In 2008, in a similar case, the Cour de Cassation had already ruled that “the law applicable to this liability is that of the State of the place where the harmful event occurred” but incomprehensibly based its decision on Article 5 of Council Regulation (EC) No 44/2001 of December 22, 2000 on jurisdiction[4] (this Article stipulates that in matters relating to tort, delict or quasi-delict, the competent court is that of the place where the harmful event occurred or may occur).

However, the applied French conflict of laws rule contains an ambiguity: the harmful event has two components, i.e. “the event giving rise to the damage” and “the place where the damage occurred”.

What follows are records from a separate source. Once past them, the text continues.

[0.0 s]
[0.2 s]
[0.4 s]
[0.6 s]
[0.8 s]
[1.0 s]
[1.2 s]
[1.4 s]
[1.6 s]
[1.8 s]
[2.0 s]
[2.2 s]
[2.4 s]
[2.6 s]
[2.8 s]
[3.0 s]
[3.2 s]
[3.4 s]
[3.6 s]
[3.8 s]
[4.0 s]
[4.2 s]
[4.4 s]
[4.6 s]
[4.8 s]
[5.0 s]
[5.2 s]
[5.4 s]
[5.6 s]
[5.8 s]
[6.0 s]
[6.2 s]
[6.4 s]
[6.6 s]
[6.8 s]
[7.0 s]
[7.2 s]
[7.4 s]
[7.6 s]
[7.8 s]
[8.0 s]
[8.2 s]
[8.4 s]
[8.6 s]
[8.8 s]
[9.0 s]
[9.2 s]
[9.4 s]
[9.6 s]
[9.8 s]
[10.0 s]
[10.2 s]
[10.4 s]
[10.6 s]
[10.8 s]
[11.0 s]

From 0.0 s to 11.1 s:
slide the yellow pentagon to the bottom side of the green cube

When these two elements are located in the same country, there is no difficulty in determining the applicable law. Yet, when these two elements are located in different countries (in the commented decision, the Paris Court of Appeals held that the event giving rise to the damage was the breach of the contract in France by the French Company) or if there are several events giving rise to a damage and /or several damages, the issue becomes a legal situation extending over different locations and several laws may be deemed applicable.

In that case, the applicable law ought to be determined under the so-called “principle of proper law” by which judges are supposed to identify on a case-by-case basis the “country that is the most closely connected with the harmful event”.

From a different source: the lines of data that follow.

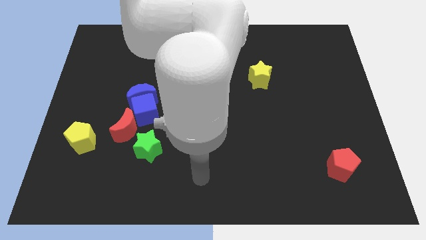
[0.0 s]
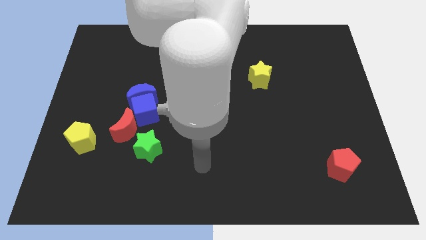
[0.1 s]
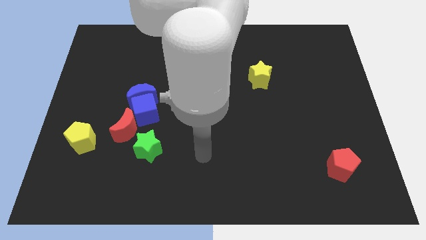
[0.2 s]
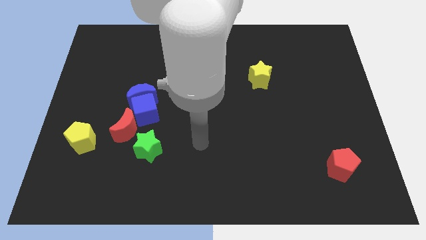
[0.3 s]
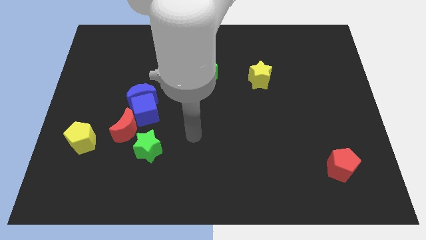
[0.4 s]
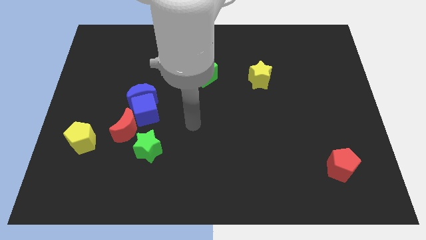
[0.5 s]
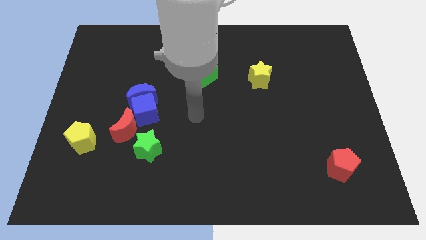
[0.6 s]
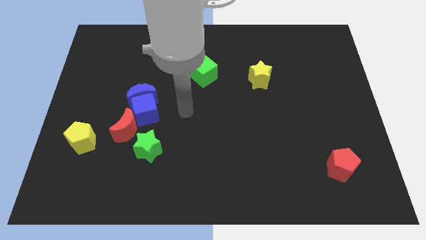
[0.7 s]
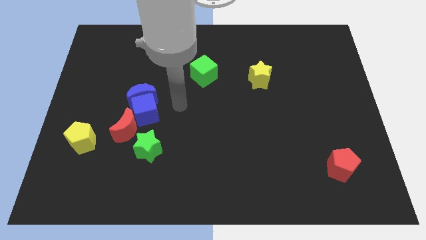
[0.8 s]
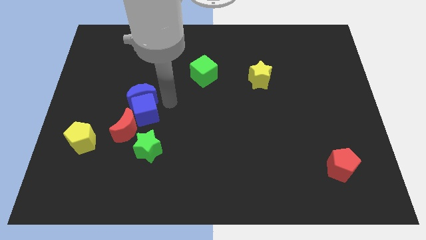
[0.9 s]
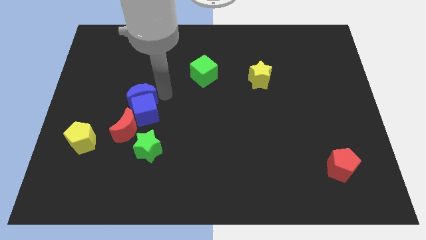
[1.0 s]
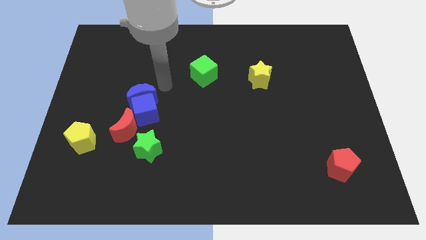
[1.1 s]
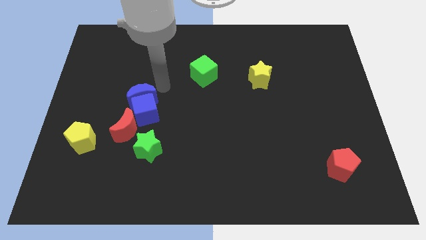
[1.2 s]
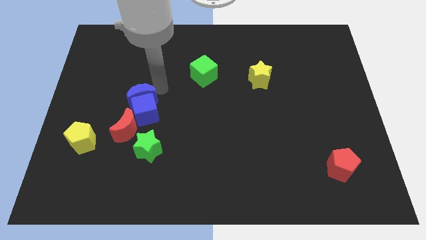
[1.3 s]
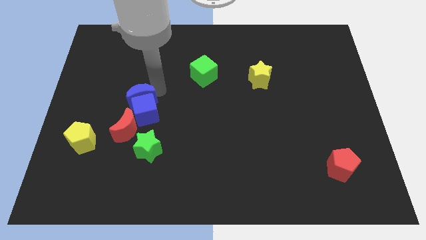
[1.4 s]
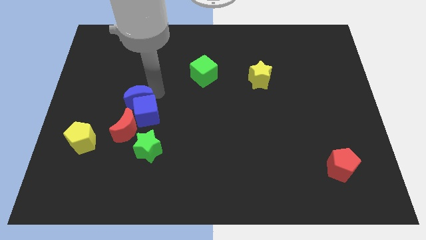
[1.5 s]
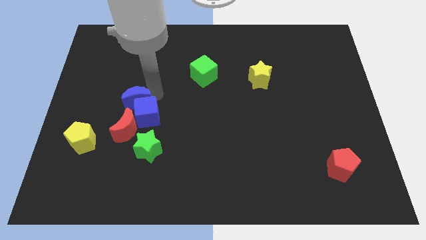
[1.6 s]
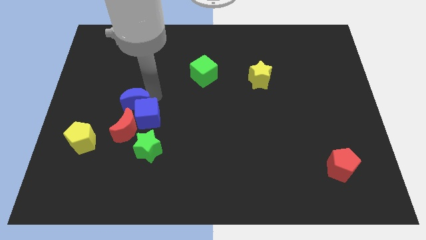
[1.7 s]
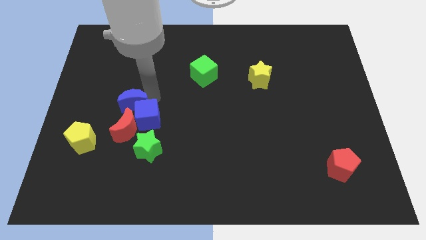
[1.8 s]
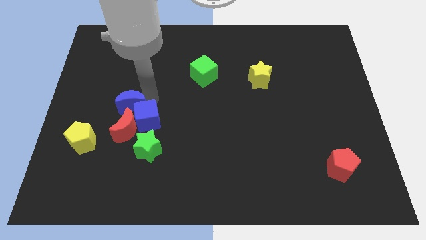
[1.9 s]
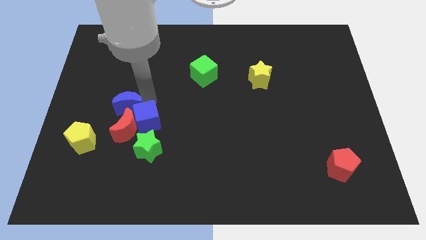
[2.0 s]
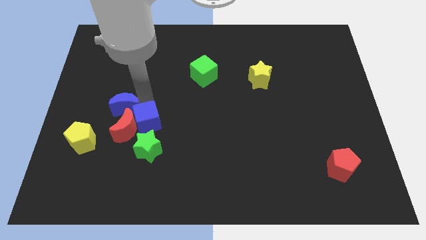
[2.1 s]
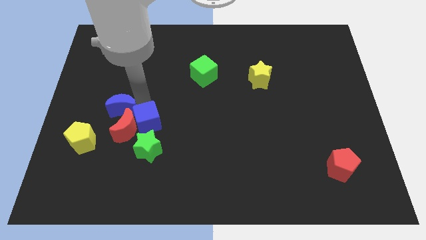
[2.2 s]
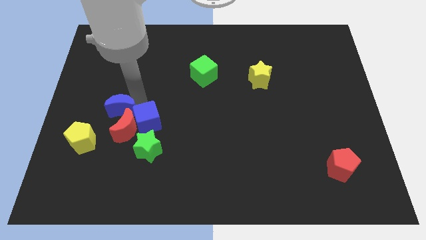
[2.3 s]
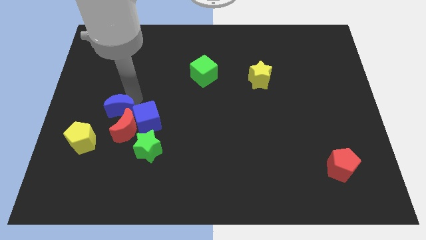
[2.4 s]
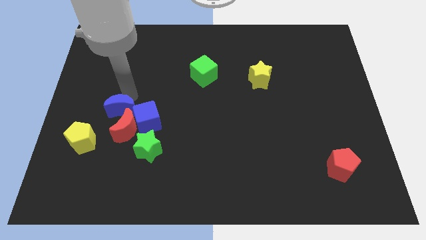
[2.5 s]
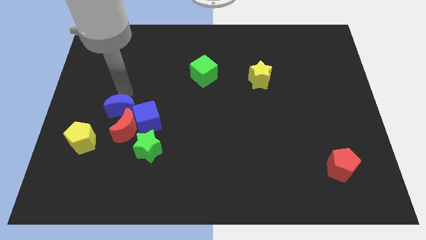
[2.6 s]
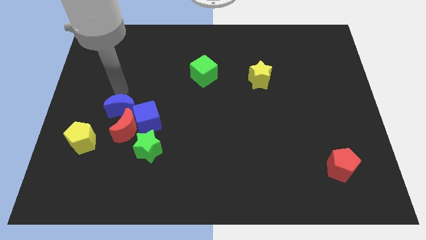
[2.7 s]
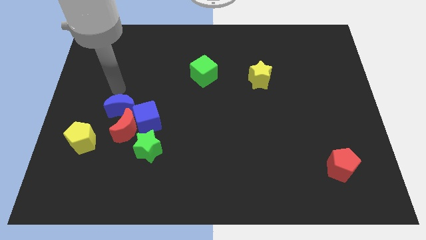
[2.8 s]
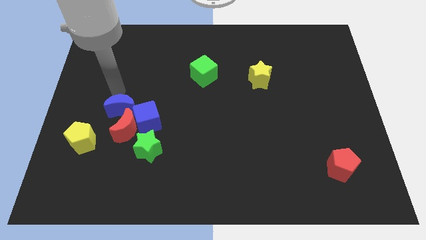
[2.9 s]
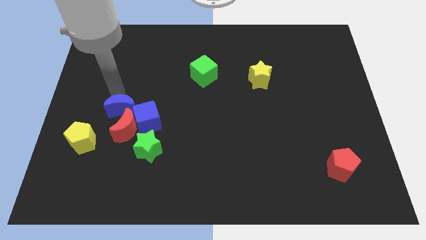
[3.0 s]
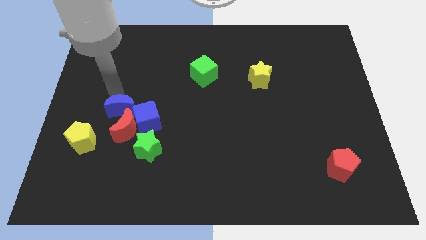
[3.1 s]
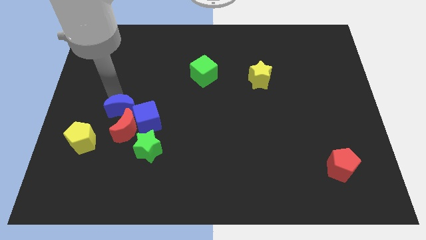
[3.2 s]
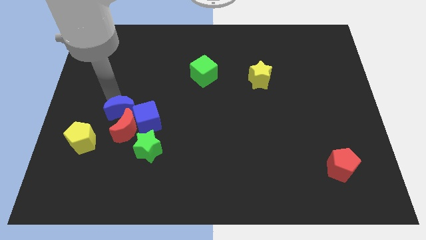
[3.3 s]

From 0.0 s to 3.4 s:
push the blue moon to the top left side of the green star

This rule has been consistently applied by French courts since the Gordon and Breach decision rendered by the Cour de Cassation in 1997.

In the commented case, France was the State the most closely connected with the harmful event. According to the Cour de Cassation, this close connection resulted “from the pre-existing 12-year contractual relationships between the parties that the latter formalized through the conclusion of contract in Paris that designated French law as the applicable law and the Paris Commercial Court as the competent jurisdiction”.

The French terminating party had argued that the applicable law was that of the State where the harmful event occurred – without any distinction between the two elements of this harmful event – and claimed that Chili was that State.

However, it failed to convince the French judges who usually favor an extensive application of Article L. 442-6, I, 5° of the FCC.

 


[1] Commercial Chamber of the Cour de Cassation, March 25, 2014, n°12-29534.

[2] Article L. 442-6, I, 5° of the French Commercial Code: “The following acts committed by any producer, trader, manufacturer or person listed in the trade director shall trigger the liability of their perpetrator and obligate said perpetrator to compensate the harm caused thereby:
5° (…) suddenly terminating, even partially, an established commercial relationship without prior written notice commensurate with the duration of the business relationship and consistent with the minimum notice period determined by the multi-sector agreements in line with standard commercial practices (…). The preceding provisions do not affect the ability to terminate the relationship without prior notice if the other party has failed to comply with its obligations or in cases of force majeure.”

[3] Commercial Chamber of the Cour de Cassation, February 6, 2007, n°04-13.178; October 21, 2008, n° 07-12.336; January 13, 2009, n° 08-13.971; September 15, 2009, n° 07-10.493; May 11, 2010 n° 09-10.797; January 18, 2011, n° 10-11.885; December 13, 2011, n° 11-12.024.

[4] Commercial Chamber of the Cour de Cassation, October 21, 2008, n° 07-12336.